◆ Work instruction ◆
Print out every record below, exactly as written.

◆ Records provided ◆
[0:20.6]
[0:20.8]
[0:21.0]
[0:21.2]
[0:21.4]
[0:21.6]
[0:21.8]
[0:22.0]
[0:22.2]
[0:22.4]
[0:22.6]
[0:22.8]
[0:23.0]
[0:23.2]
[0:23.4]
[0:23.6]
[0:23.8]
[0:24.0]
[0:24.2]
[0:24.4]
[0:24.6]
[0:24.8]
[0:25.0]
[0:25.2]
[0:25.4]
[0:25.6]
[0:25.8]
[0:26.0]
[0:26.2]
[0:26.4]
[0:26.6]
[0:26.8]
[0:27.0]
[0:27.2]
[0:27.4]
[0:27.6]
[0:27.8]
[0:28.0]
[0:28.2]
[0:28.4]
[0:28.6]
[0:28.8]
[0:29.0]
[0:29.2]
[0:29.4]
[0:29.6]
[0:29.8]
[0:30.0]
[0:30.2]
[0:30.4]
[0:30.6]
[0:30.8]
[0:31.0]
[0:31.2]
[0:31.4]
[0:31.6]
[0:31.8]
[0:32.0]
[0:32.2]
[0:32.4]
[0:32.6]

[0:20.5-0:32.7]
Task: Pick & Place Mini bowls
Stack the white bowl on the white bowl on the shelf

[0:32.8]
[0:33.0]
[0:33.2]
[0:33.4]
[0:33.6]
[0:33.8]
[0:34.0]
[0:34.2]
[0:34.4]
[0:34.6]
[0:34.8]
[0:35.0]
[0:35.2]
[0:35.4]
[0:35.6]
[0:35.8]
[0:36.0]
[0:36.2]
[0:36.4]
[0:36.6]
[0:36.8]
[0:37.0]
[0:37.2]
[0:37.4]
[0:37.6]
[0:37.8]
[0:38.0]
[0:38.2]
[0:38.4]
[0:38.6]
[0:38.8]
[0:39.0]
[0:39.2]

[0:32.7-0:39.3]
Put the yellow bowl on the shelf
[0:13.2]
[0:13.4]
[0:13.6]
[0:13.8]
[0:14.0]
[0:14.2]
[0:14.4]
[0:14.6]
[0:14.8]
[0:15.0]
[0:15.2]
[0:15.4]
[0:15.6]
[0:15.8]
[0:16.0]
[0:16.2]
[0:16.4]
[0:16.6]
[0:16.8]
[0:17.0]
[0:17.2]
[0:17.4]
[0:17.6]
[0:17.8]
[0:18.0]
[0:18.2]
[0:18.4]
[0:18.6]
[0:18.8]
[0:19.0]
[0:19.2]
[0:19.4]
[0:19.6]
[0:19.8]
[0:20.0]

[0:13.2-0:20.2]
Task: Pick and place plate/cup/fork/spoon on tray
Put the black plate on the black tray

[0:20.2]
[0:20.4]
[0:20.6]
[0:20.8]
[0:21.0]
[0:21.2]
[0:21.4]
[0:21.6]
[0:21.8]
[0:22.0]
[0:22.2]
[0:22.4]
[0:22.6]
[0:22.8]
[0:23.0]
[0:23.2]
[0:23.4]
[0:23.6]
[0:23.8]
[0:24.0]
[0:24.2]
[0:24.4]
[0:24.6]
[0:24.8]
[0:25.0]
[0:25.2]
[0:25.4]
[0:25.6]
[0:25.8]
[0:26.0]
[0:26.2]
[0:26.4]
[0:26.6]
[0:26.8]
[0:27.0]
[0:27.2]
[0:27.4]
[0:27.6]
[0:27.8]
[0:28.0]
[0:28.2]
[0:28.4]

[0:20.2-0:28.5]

◆ Output of the exercise ◆
[0:20.6]
[0:20.8]
[0:21.0]
[0:21.2]
[0:21.4]
[0:21.6]
[0:21.8]
[0:22.0]
[0:22.2]
[0:22.4]
[0:22.6]
[0:22.8]
[0:23.0]
[0:23.2]
[0:23.4]
[0:23.6]
[0:23.8]
[0:24.0]
[0:24.2]
[0:24.4]
[0:24.6]
[0:24.8]
[0:25.0]
[0:25.2]
[0:25.4]
[0:25.6]
[0:25.8]
[0:26.0]
[0:26.2]
[0:26.4]
[0:26.6]
[0:26.8]
[0:27.0]
[0:27.2]
[0:27.4]
[0:27.6]
[0:27.8]
[0:28.0]
[0:28.2]
[0:28.4]
[0:28.6]
[0:28.8]
[0:29.0]
[0:29.2]
[0:29.4]
[0:29.6]
[0:29.8]
[0:30.0]
[0:30.2]
[0:30.4]
[0:30.6]
[0:30.8]
[0:31.0]
[0:31.2]
[0:31.4]
[0:31.6]
[0:31.8]
[0:32.0]
[0:32.2]
[0:32.4]
[0:32.6]

[0:20.5-0:32.7]
Task: Pick & Place Mini bowls
Stack the white bowl on the white bowl on the shelf

[0:32.8]
[0:33.0]
[0:33.2]
[0:33.4]
[0:33.6]
[0:33.8]
[0:34.0]
[0:34.2]
[0:34.4]
[0:34.6]
[0:34.8]
[0:35.0]
[0:35.2]
[0:35.4]
[0:35.6]
[0:35.8]
[0:36.0]
[0:36.2]
[0:36.4]
[0:36.6]
[0:36.8]
[0:37.0]
[0:37.2]
[0:37.4]
[0:37.6]
[0:37.8]
[0:38.0]
[0:38.2]
[0:38.4]
[0:38.6]
[0:38.8]
[0:39.0]
[0:39.2]

[0:32.7-0:39.3]
Put the yellow bowl on the shelf
[0:13.2]
[0:13.4]
[0:13.6]
[0:13.8]
[0:14.0]
[0:14.2]
[0:14.4]
[0:14.6]
[0:14.8]
[0:15.0]
[0:15.2]
[0:15.4]
[0:15.6]
[0:15.8]
[0:16.0]
[0:16.2]
[0:16.4]
[0:16.6]
[0:16.8]
[0:17.0]
[0:17.2]
[0:17.4]
[0:17.6]
[0:17.8]
[0:18.0]
[0:18.2]
[0:18.4]
[0:18.6]
[0:18.8]
[0:19.0]
[0:19.2]
[0:19.4]
[0:19.6]
[0:19.8]
[0:20.0]

[0:13.2-0:20.2]
Task: Pick and place plate/cup/fork/spoon on tray
Put the black plate on the black tray

[0:20.2]
[0:20.4]
[0:20.6]
[0:20.8]
[0:21.0]
[0:21.2]
[0:21.4]
[0:21.6]
[0:21.8]
[0:22.0]
[0:22.2]
[0:22.4]
[0:22.6]
[0:22.8]
[0:23.0]
[0:23.2]
[0:23.4]
[0:23.6]
[0:23.8]
[0:24.0]
[0:24.2]
[0:24.4]
[0:24.6]
[0:24.8]
[0:25.0]
[0:25.2]
[0:25.4]
[0:25.6]
[0:25.8]
[0:26.0]
[0:26.2]
[0:26.4]
[0:26.6]
[0:26.8]
[0:27.0]
[0:27.2]
[0:27.4]
[0:27.6]
[0:27.8]
[0:28.0]
[0:28.2]
[0:28.4]

[0:20.2-0:28.5]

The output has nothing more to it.